Mary Lennox is an Anglo-Indian child, which means that her parents are both English but she was born in colonial India. This implies a whole set of hierarchical relations that are as rigid as any of the English class lines that keep Mary and Martha apart at the start of The Secret Garden.
By the time Mary makes it over to Yorkshire in Chapter 3, we know how she expects to treat "native" (that is, Indian) servants. Apparently, she has gotten used to beating and kicking her Indian nannies (called "Ayahs") without any kind of punishment at all. And the book clearly does not approve of Mary's behavior; her sourness is no excuse for abuse.
At the same time, the novel's portrayal of India contains a lot of subtle prejudice. The idea that these Indian servants would just sit and take Mary's nonsense (unlike good old English Martha Sowerby) because they "were obsequious and servile and did not presume to talk to their masters as if they were their equals" (4.11) is a huge stereotype. Basically, Frances Hodgson Burnett is saying that these Indian servants were huge suck-ups who would never dream of disciplining Mary, while "we" English people would never stand for such treatment.

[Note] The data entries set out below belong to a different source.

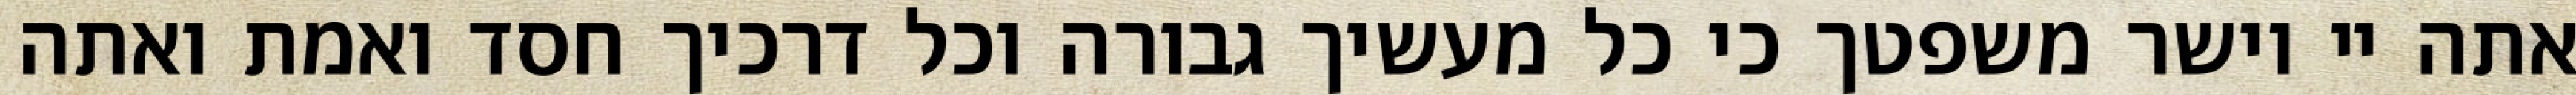
אתה יי וישר משפטך כי כל מעשיך גבורה וכל דרכיך חסד ואמת ואתה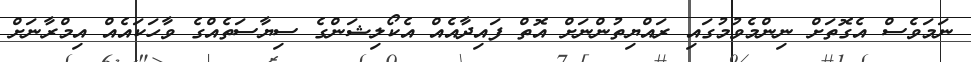
ނަމަވެސް އެގޮތަށް ނިންމެވުމުގައި ރައްޔިތުންނަށް އޮތް ފައިދާއެއް އެކޯލިޝަންގެ ސިޔާސަތެއްގެ ވާހަކައެއް އިމްރާނަށް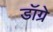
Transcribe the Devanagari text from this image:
डॉग्रे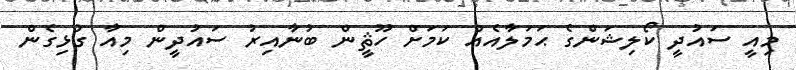
މިއީ ސައުދީ ކޯލިޝަންގެ ޙަމަލާއެއް ކަމަށް ހޫޘީން ބުނާއިރު ސައުދީން މިއާ ގުޅިގެން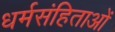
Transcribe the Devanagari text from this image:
धर्मसंहिताओं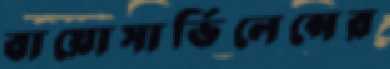
বায়োসার্ভিলেন্সের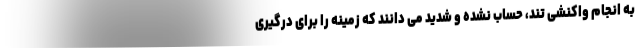
به انجام واکنشی تند، حساب نشده و شدید می دانند که زمینه را برای درگیری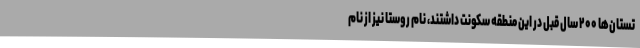
تستان‌ها ۲۰۰ سال قبل در این منطقه سکونت داشتند، نام روستا نیز از نام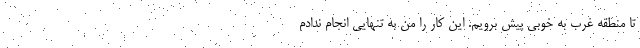
تا منطقه غرب به خوبی پیش برویم. این کار را من به تنهایی انجام ندادم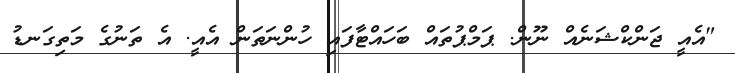
"އެއީ ޖަންކްޝަނެއް ނޫން. ޕަމްޕުތައް ބަހައްޓާފައި ހުންނަތަން އެއީ. އެ ތަނުގެ މަތިގަނޑު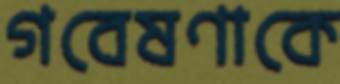
গবেষণাকে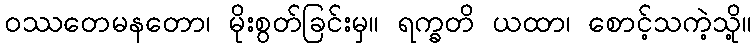
ဝဿတေမနတော၊ မိုးစွတ်ခြင်းမှ။ ရက္ခတိ ယထာ၊ စောင့်သကဲ့သို့။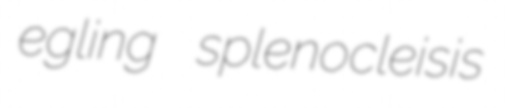
egling splenocleisis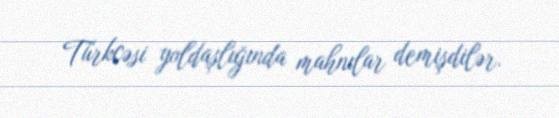
Türkcəsi yoldaşlığında mahnılar demişdilər.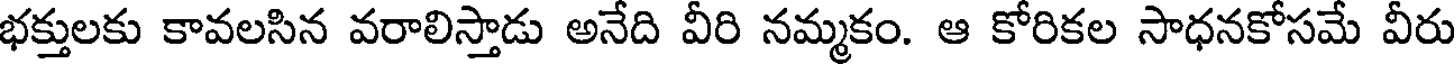
భక్తులకు కావలసిన వరాలిస్తాడు అనేది వీరి నమ్మకం. ఆ కోరికల సాధనకోసమే వీరు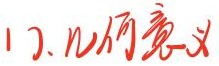
Cauchy - C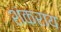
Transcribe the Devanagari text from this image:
शंकराय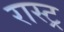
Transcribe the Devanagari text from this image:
रास्ट्र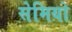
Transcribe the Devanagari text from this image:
सेमियो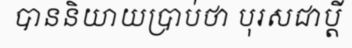
បាននិយាយប្រាប់ថា បុរសជាប្តី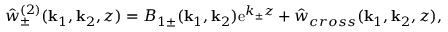
\hat { w } _ { \pm } ^ { ( 2 ) } ( \mathbf { k } _ { 1 } , \mathbf { k } _ { 2 } , z ) = B _ { 1 \pm } ( \mathbf { k } _ { 1 } , \mathbf { k } _ { 2 } ) \mathrm { e } ^ { k _ { \pm } z } + \hat { w } _ { c r o s s } ( \mathbf { k } _ { 1 } , \mathbf { k } _ { 2 } , z ) ,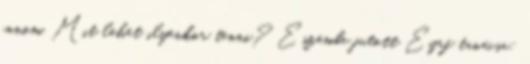
innom. Mit lehet ilyenkor tenni? Eszembe jutott Eyrf tanácsa: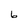
Character: b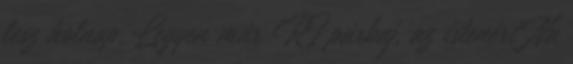
lesz holnap. Legyen már RI párbaj, az istenért Na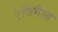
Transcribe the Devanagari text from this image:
रेजिनैल्ड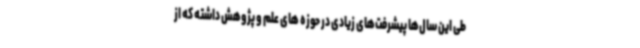
طی این سال‌ها پیشرفت‌های زیادی در حوزه های علم و پژوهش داشته که از

Not only is this premise totally racist, it overlooks the strong history of Indian resistance to British rule from the 1857 Rebellion of the Indian army onward. Mahatma Gandhi was already working for Indian liberation by the time The Secret Garden was published in 1911, for Pete's sake, and he was about as far from "servile" as it's possible to get.
Not only does The Secret Garden stereotype English people, but it also uses a lot of incorrect clichés about the Indian climate. As Mary adapts to England, she finds the weather itself to be fresher and healthier. She draws a contrast to India, where "she had always felt hot and too languid to care much about anything" (5.22).
The idea that India itself helped to make Mary sick at the start of the novel is based on a lot of English assumptions about the tropics as a place of fevers and sickness. So again, offensive stereotypes are used to draw a contrast between where Mary starts (a hot climate with "servile" nannies) and where she winds up (a cool climate with friendly, straightforward servants).
As the novel continues, Mary continues to refer to the cultures of India that she saw as a child. She describes Dickon as an animal charmer and Colin as a "Rajah," a kind of young king. But these images are also deeply generic and say nothing of genuine depth about India or the people who live there. Mary's Indian references gives the novel an exotic touch according to the Euro-centric tastes of Frances Hodgson Burnett's contemporary readers, but none of those elements age well in today's political climate.
Questions About Contrasting Regions: India and England
- When does Mary most commonly use Indian words and descriptions? How do these descriptions contrast with the English countryside that becomes the setting of the novel for the majority of the book?
- We say that The Secret Garden's representation of India is stereotyped. How about the novel's representation of England? Are there sections of the book that try to make Yorkshire seem exotic or foreign to the reader?
- Mary's pale complexion and thin hair are all supposed to be the result of her early life in an Indian climate. What about Colin's exposure to the Yorkshire climate—why has Misselthwaite Manor's setting in Yorkshire not done him more good before now? Do you think that Mary might have found India more healthful if she had had a more active family life to introduce her to the country around her?
Chew on This
While The Secret Garden shows a lot of prejudice against India and Indians, Mary's lullaby to Colin in Hindi and the stories that she tells him, which she learned from her nannies, suggests that she had a more supportive upbringing while she was living there than Colin has had surrounded by doctors and nurses in Misselthwaite Manor.
India takes on a negative connotation and Yorkshire a positive one in The Secret Garden. Nonetheless, Yorkshire's positive traits—a strong sense of community and local culture, the beauties of the moor, and the happiness of even the poorest of its residents—are as clichéd and stereotyped as the novel's portrayal of India's bad side.